**Given records:**
◆ ◆ ◆
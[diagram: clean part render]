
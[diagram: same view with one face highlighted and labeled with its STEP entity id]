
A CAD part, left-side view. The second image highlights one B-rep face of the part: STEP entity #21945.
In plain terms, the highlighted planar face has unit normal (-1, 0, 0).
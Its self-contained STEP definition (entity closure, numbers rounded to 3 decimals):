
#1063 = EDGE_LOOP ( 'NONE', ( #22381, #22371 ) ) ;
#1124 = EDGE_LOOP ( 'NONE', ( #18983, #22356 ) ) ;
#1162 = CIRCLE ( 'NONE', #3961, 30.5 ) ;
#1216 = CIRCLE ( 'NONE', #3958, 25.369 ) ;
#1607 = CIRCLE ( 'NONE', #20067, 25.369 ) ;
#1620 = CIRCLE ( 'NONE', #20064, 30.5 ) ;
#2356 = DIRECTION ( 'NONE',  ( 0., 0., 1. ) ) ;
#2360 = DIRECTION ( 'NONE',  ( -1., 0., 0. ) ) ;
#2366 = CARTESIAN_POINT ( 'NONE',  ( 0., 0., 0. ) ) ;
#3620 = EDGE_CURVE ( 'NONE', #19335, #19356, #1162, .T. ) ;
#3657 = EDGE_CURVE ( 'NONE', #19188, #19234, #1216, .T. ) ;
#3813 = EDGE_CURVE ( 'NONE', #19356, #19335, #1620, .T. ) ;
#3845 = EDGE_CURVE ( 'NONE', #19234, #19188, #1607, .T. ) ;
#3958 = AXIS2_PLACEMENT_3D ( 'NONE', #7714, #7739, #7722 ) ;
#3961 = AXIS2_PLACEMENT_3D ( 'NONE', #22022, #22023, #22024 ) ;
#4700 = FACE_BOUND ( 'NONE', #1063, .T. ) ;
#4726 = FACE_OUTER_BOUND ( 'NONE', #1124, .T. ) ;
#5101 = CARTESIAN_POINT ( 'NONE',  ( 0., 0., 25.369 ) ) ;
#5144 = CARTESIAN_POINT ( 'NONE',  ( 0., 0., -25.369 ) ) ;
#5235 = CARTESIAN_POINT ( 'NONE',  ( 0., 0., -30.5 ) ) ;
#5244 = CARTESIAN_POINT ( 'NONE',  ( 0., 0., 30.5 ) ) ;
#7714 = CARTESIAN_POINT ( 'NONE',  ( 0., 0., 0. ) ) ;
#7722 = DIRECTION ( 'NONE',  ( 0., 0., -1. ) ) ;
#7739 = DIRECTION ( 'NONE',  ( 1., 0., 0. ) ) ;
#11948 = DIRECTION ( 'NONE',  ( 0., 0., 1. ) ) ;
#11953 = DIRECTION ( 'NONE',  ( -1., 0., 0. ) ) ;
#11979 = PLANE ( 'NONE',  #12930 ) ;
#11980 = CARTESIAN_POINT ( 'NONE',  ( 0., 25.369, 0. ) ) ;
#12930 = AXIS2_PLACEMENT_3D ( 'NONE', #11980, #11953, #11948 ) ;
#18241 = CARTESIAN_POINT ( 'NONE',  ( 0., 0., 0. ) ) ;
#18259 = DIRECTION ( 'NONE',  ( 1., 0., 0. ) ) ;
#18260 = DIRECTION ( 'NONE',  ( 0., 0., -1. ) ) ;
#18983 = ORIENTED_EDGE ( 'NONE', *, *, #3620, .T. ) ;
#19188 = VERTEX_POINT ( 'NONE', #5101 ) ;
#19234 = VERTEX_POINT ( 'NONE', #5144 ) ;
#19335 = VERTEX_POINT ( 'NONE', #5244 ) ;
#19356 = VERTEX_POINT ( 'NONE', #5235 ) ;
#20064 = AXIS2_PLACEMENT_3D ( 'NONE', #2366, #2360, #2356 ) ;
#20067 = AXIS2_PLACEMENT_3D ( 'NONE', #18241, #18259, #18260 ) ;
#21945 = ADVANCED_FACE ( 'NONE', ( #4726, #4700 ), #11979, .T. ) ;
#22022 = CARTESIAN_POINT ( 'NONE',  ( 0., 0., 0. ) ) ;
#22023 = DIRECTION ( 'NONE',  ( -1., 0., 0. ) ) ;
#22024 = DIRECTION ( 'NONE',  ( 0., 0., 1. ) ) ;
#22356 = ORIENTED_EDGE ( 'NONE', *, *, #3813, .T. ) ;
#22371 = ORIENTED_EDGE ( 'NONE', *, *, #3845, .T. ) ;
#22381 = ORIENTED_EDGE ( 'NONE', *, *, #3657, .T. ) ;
◆ ◆ ◆
**Assignment:**
Please give back exactly the lines of this listing beginning at the line with "#11953 = DIRECTION" and ending with the line with "#20064 = AXIS2_PLACEMENT_3D", both included, and nothing else.

**Solved exercise:**
#11953 = DIRECTION ( 'NONE',  ( -1., 0., 0. ) ) ;
#11979 = PLANE ( 'NONE',  #12930 ) ;
#11980 = CARTESIAN_POINT ( 'NONE',  ( 0., 25.369, 0. ) ) ;
#12930 = AXIS2_PLACEMENT_3D ( 'NONE', #11980, #11953, #11948 ) ;
#18241 = CARTESIAN_POINT ( 'NONE',  ( 0., 0., 0. ) ) ;
#18259 = DIRECTION ( 'NONE',  ( 1., 0., 0. ) ) ;
#18260 = DIRECTION ( 'NONE',  ( 0., 0., -1. ) ) ;
#18983 = ORIENTED_EDGE ( 'NONE', *, *, #3620, .T. ) ;
#19188 = VERTEX_POINT ( 'NONE', #5101 ) ;
#19234 = VERTEX_POINT ( 'NONE', #5144 ) ;
#19335 = VERTEX_POINT ( 'NONE', #5244 ) ;
#19356 = VERTEX_POINT ( 'NONE', #5235 ) ;
#20064 = AXIS2_PLACEMENT_3D ( 'NONE', #2366, #2360, #2356 ) ;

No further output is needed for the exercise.